My love for photography

I first knew I had an interest in photography when I won a small village competition at the age of 14. The image showcased an old door among some gravestones at a local church near me. I wish I had…

Smartphone

独家优惠奖金 100% 高达 1 BTC + 180 免费旋转




Clean Matching with FuzzyWuzzy

String Matching in Python with use of the Levenshtein Distance

Close, but no cigar

Python comes equipped with numerous ways to handle inconsistencies in strings as well as overall language (cue Natural Language Processing) to vectorize and transform words into usable formats for analysis. With methods such as .upper(), .title(), .strip(), .replace(), etc. available to format text, matching two similar strings becomes quite simple. However, Python has proved to me time and time again that there is almost always a simpler method to the madness— or to receiving error messages.

Here is where I discovered the FuzzyWuzzy package. When attempting to merge two DataFrames with various names that were mostly related but not exactly, I wound up exhausting different types of joins and concatenations, as well as hours of mental clarity, just trying to not lose majority of the rows that could not be directly matched on. Merging with Pandas is more temperamental than with FuzzyWuzzy, which allows you to set a threshold of the minimum distance between two strings that you would desire for a match.

Named after mathematician Vladimir Levenshtein, this distance computes the required number of character edits to directly change one string into another. The distance between two strings is quantified by indices locations and the computational cost needed to move from one index to another.

To understand the implementation of the Levenshtein Distance Algorithm:

When using this function, we can determine the value associated with the Levenshtein distance between two strings as well as the number of edits required to have a direct match.

Uncommenting the print(distance) portion of the above function returns a matrix that visually explains the computational cost of matching the strings. The number in the bottom right corner denotes the required number of edits to match the strings, with each horizontally and vertically adjacent value representing an insertion and deletion respectively. The diagonally adjacent value can be a cost of 1 if the two characters in the row/column do not match, and a cost of 0 if they do mach. Each cell aims to minimize the local cost of computing the differences. Below, we have the matrix of the character differences between the strings ‘3 Bears OG’ and ‘Three Bears og’.

The red 1 denotes that 1 operation is needed to turn the M into an empty string

Beautiful but verbose, so let’s make this even easier by just installing and importing the Levenshtein package.

The Levenshtein package returns the number of edits required to match the strings, rather than the actual distance between the two when calling the distance function. To put the value acquired from the distance into use, we apply fuzzywuzzy to our strings or lists of strings to gather the associated terms. Fuzzywuzzy makes use of the Levenshtein distance through it’s ratio function that calculates the character differences between two strings.

This above function is aimed towards taking in various names from different DataFrames for merging into one DataFrame based on similarity. For my particular use, I input names of various strains of cannabis for matching the deviations in text across different websites. For instance, as seen above, the strain 3 Bears OG was present in all three of my DataFrames for the project I worked on, but was written as ‘Three Bears OG’ and ‘3 Bears Og’ on different databases which gave errors in merging due to the capitalization and spelling differences.

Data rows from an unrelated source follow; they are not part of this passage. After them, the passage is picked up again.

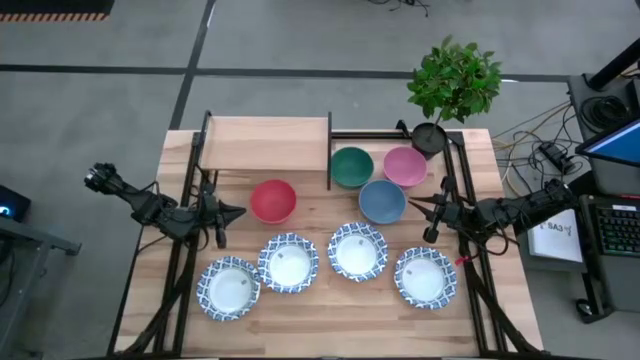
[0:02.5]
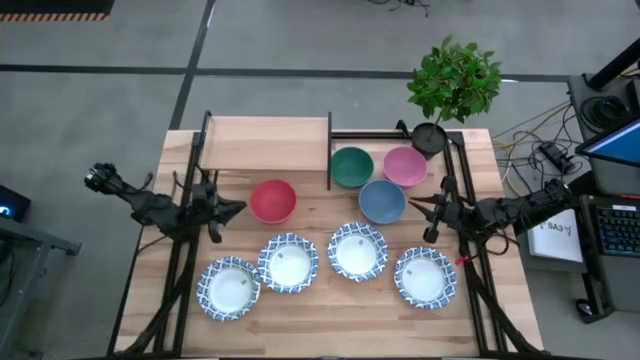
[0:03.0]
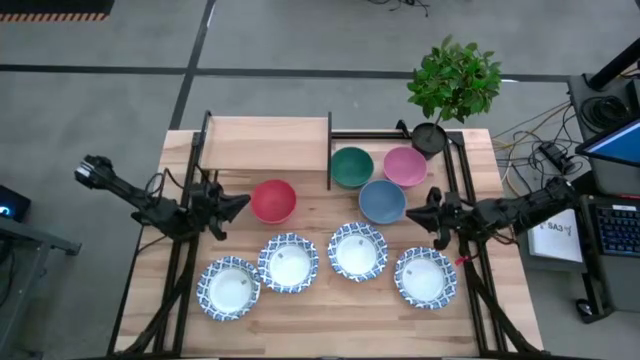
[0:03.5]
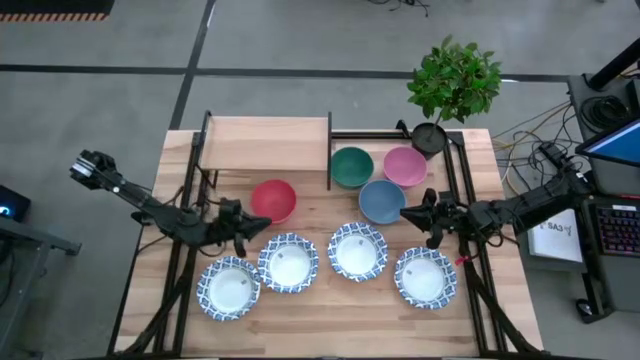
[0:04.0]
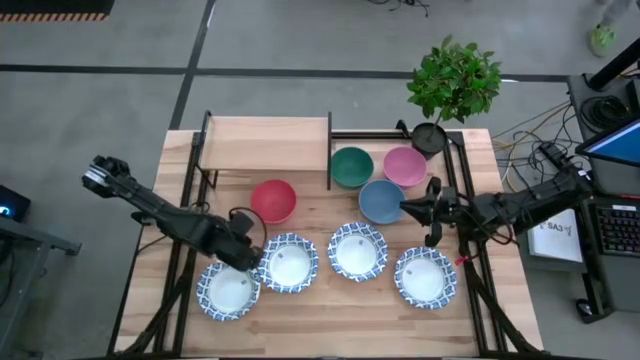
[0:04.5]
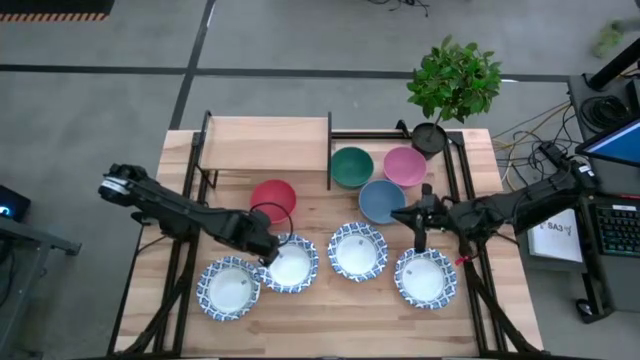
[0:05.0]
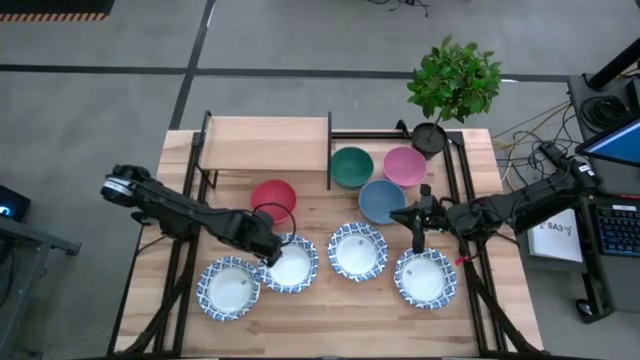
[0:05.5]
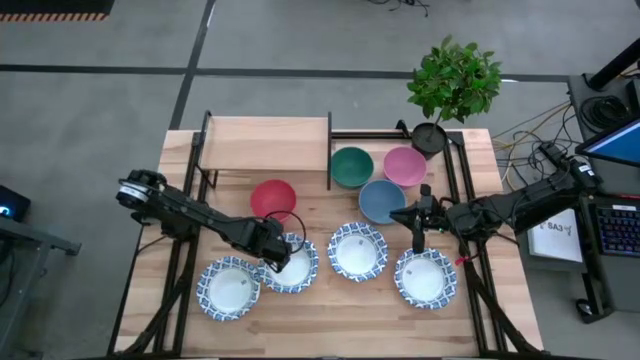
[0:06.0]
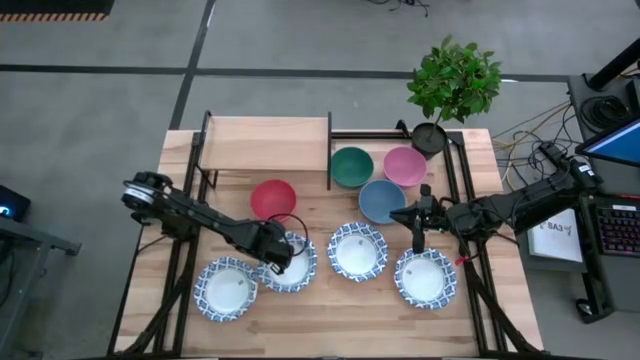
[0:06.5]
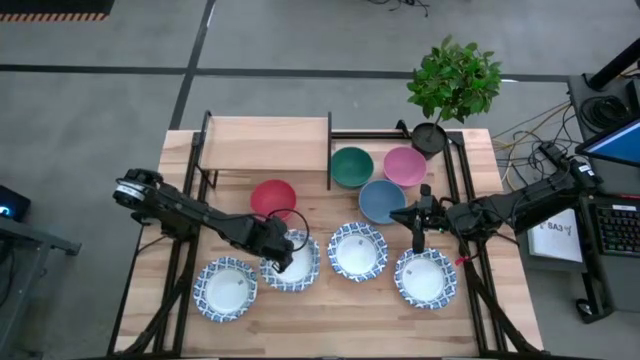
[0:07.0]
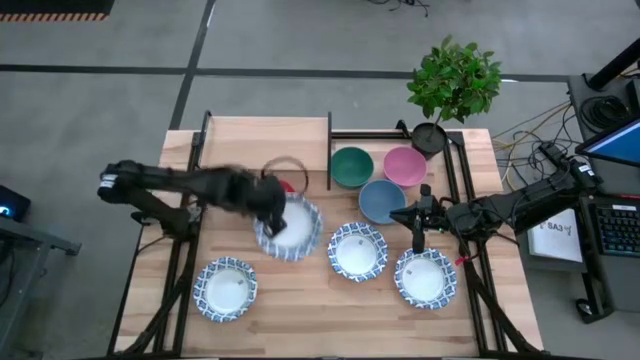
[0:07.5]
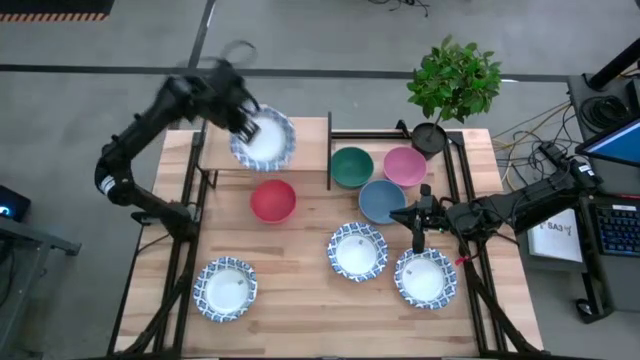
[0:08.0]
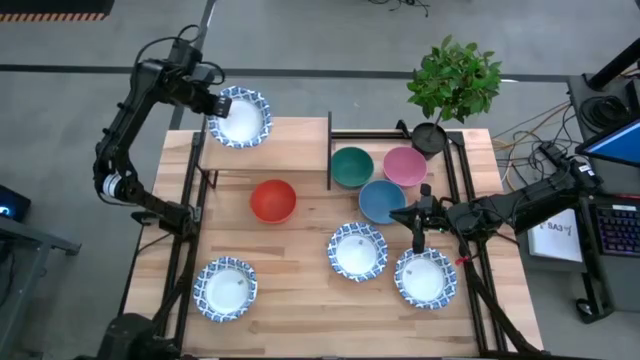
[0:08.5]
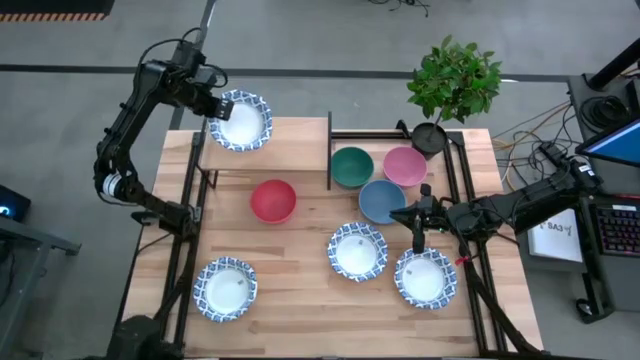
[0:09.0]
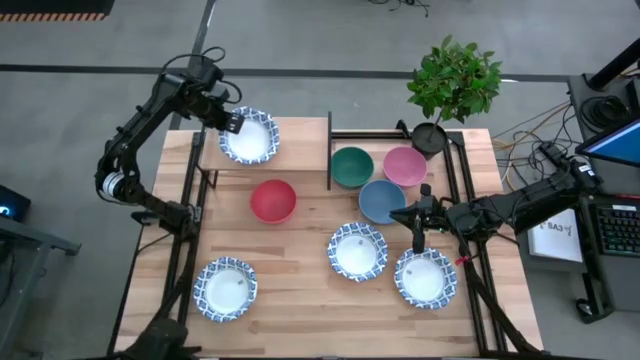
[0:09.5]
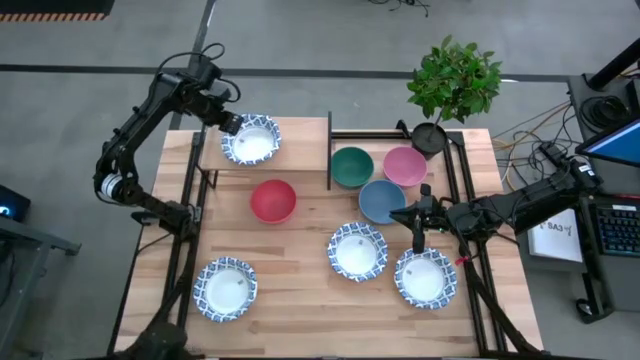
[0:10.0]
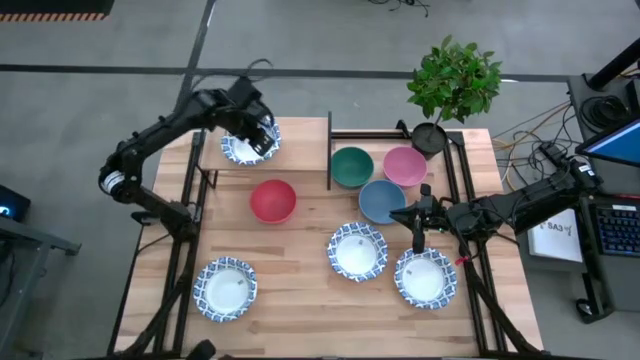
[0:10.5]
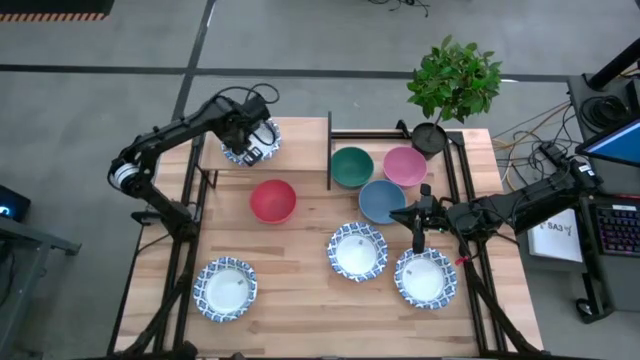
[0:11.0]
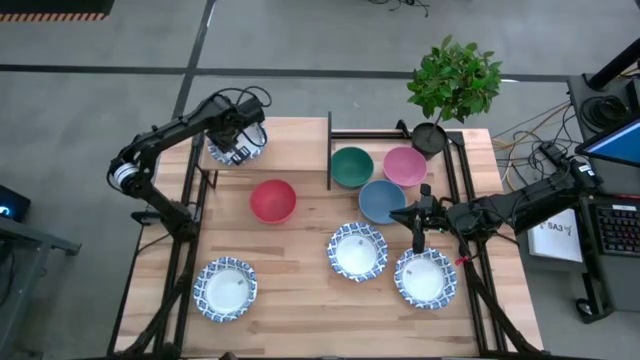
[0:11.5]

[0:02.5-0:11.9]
Task: Place and stack bowls onto a shelf
Put the top left white and blue bowl on the shelf

The above code does not include the distance score between the two strings, but this can easily be shown by updating the dictionary created with the value of the match, which would appear as a new column in the DataFrame. Only the first match is displayed, as denoted by match[0].

Sample of Matched Strings

Here, we can see that strains with lowercase values were matched with those in the title case without having done any text pre-processing. Similarly, apostrophes are given a weight as well in calculating whether Blue’s Dream is most similar to Blue Dream or Blues Dream.

FuzzyWuzzy can be used along with NLP to improve the use of categorical variables in various aspects of data science and analysis. In it’s simplest form, it can just be a fun way to see how much work is needed to get two strings to be the same.

Add a comment

Related posts:

Making plans for our home renovation

Three years ago we moved into our first house. It’s a three storey, solid stone doer-upper in a lovely town in South Wales which we thought we’d be able to improve ourselves. It had taken us a while…

Create ASP.NET Core Web API for Ethereum DApps

Recently I have discovered Nethereum, an open source library for creating .NET applications which can interoperate with Ethereum and smart contracts. The framework has been actively developed for…

This is Huluween

Huluween is a hallowed Hulu tradition and arguably the most anticipated event of the year. We love Huluween so much, it's scary.